When it comes to alleged Clinton victims, Broaddrick is hardly alone. The list of women who accused Clinton of sexual misdeeds reads like a beauty pageant lineup, including: Elizabeth Ward, Miss America 1981; Sally Miller Perdue, former Miss Arkansas; Gennifer Flowers, an aspiring singer and nightclub performer; Monica Lewinsky, a Beverly Hills prep school daughter of a divorced doctor and reporter. Each had life experiences that led to a vulnerability that some say predators can identify.
WND reached out to many of the women in the Clinton saga, all of whom had one thing in common: They still are trying to put the ordeal behind them.
One, who did not want her name to be used, said Hillary Clinton and Huma Abedin, Weiner’s wife and close assistant to Hillary Clinton, aren’t “standing by their men” as is commonly said. Rather, they’re standing on the heads of the women their husbands have victimized.

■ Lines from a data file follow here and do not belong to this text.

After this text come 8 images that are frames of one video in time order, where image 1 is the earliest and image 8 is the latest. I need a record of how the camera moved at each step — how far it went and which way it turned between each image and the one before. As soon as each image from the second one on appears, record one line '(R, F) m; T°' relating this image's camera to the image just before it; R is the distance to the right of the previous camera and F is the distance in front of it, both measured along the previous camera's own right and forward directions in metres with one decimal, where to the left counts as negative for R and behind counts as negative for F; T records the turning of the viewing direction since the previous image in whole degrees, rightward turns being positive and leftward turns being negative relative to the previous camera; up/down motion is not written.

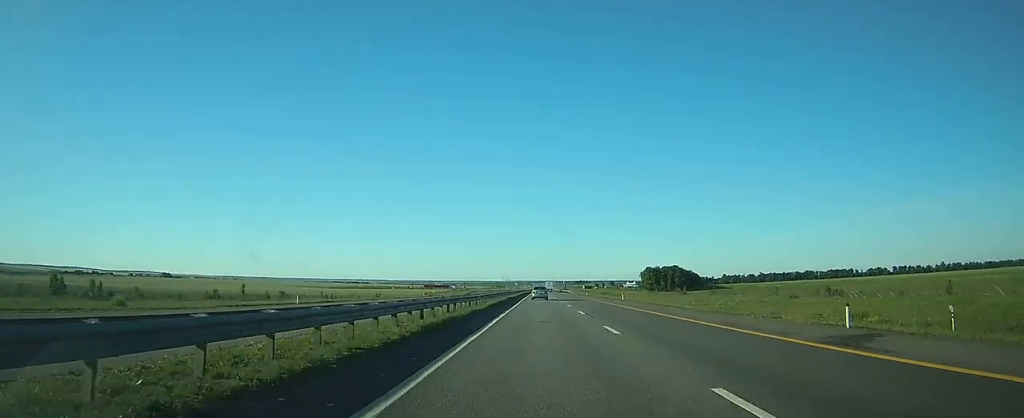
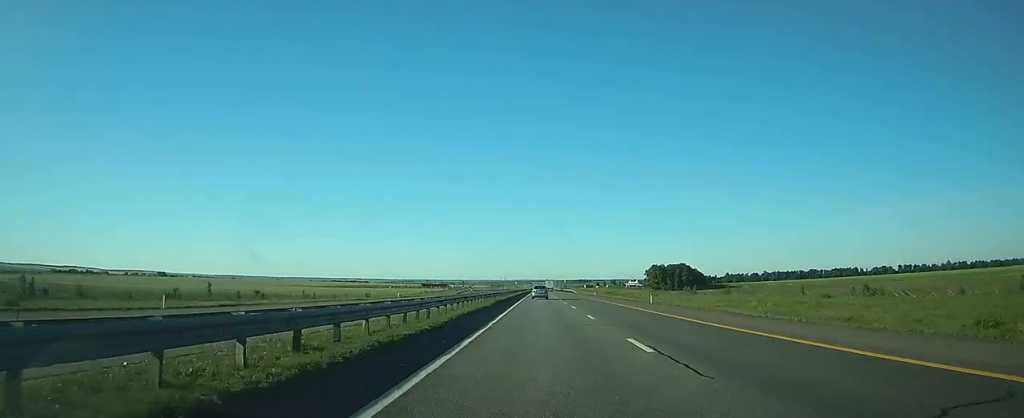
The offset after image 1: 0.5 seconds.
(0.0, +16.9) m; 0°
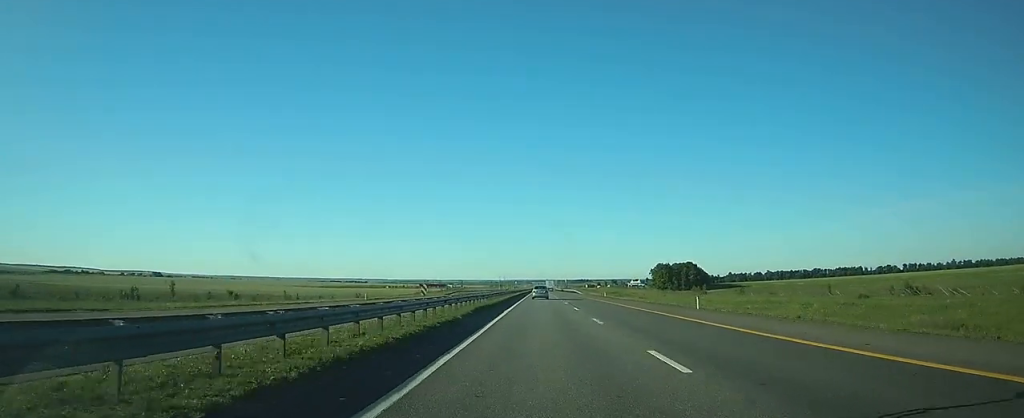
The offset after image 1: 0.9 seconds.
(0.0, +14.7) m; 0°
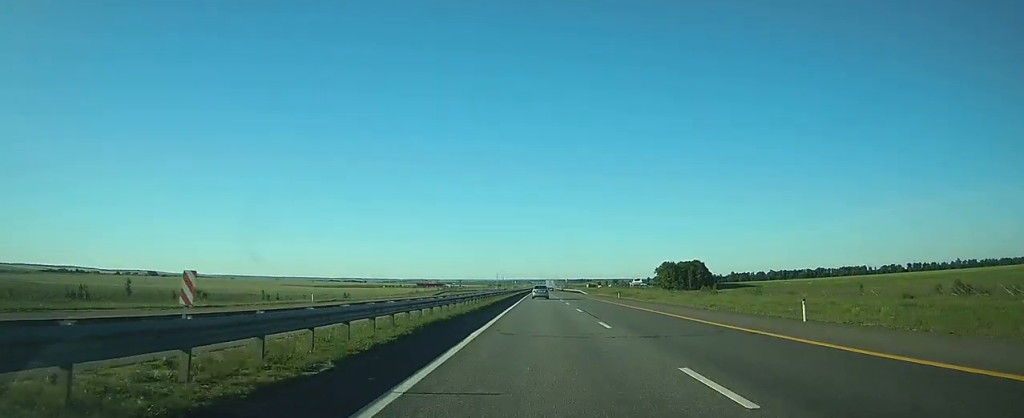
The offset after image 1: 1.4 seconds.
(0.0, +14.7) m; 0°
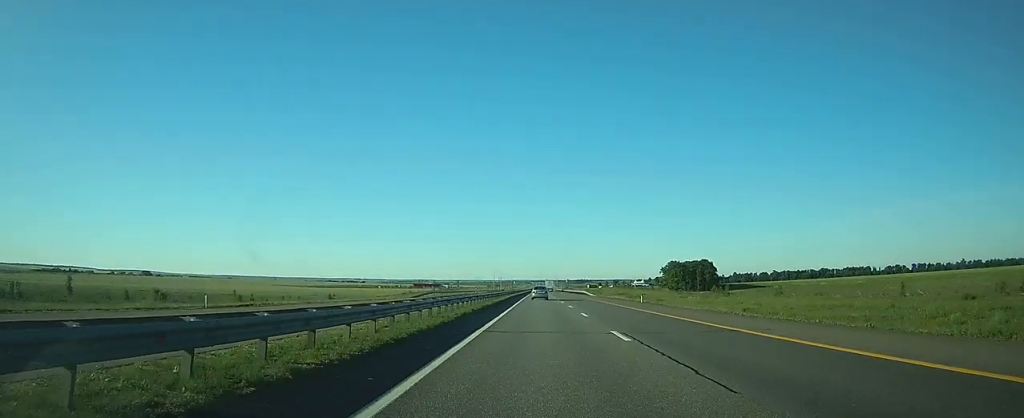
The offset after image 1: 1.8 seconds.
(0.0, +15.9) m; 0°
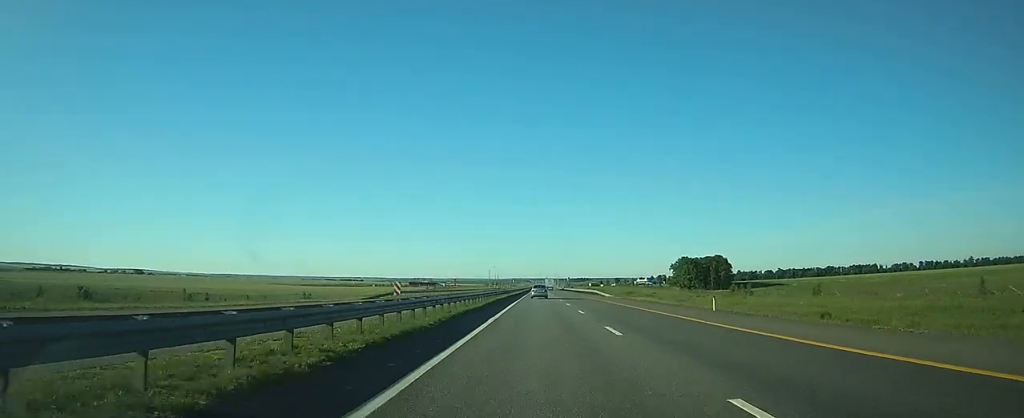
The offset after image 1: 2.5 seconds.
(0.0, +22.7) m; 0°
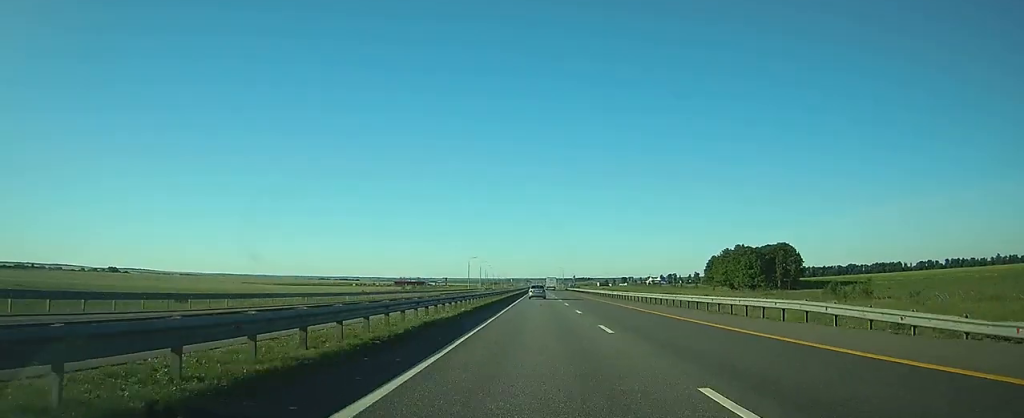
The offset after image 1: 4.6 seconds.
(-0.1, +70.8) m; 0°
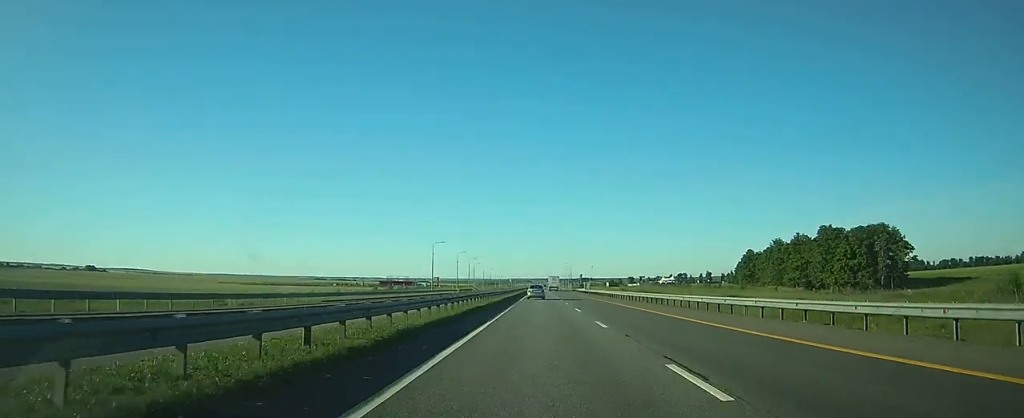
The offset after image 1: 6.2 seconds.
(0.0, +57.5) m; 0°

The worst thing that could happen to women in America who have been similarly victimized, she added, is for Hillary to be elected president.
Her fear of what the media have done to her personally, emotionally and financially is the reason she does not want to talk any more and does not speak publicly.
She said the Clintons have fundamentally changed the way media cover politics.

‘The biggest victim’
David Spady, a California-based political strategist, said the advent of Hillary Clinton vying for president means more of the same.
“When Hillary Clinton got away with blaming a ‘vast right-wing conspiracy’ for Bill’s indiscretions, it set the stage for politicians like Filner, Weiner and Spitzer to simply spin their way out of trouble with female voters by becoming victims.” Spady said.
“If Hillary were elected president,” he added, “the biggest victim would be the truth.”
The author Jackson agrees, citing Clinton tactics such as “assembling a smear team to attack a grief-stricken widow (Kathleen Willey), threatening a reporter for her research into an Arkansas health care scandal, and hiring private investigators to bully an ex-flame’s family members.”
She sees an “undeniable link” between the Clintons’ liberal beliefs and misogynistic behavior. She further views Hillary as the “eager accomplice that might one day occupy the Oval Office.”
“If Hillary is elected,” said one of the women allegedly victimized by Clinton, “these men will continue to use their power and money to hurt women. Hillary was complicit in all of the intimidation, terror and cover-up that happened to these women, and the women abused by politicians since then have the Clintons – both of them – to thank. That’s just how the Clintons, and now the Democrat machine, roll.”
Meanwhile, as Barack Obama scoffs that his own scandals are “phony” and disgraced public servants like Weiner and Spitzer confidently pursue high office, the man who blazed their trail – Bill Clinton – now sits at the pinnacle of the Democratic power structure.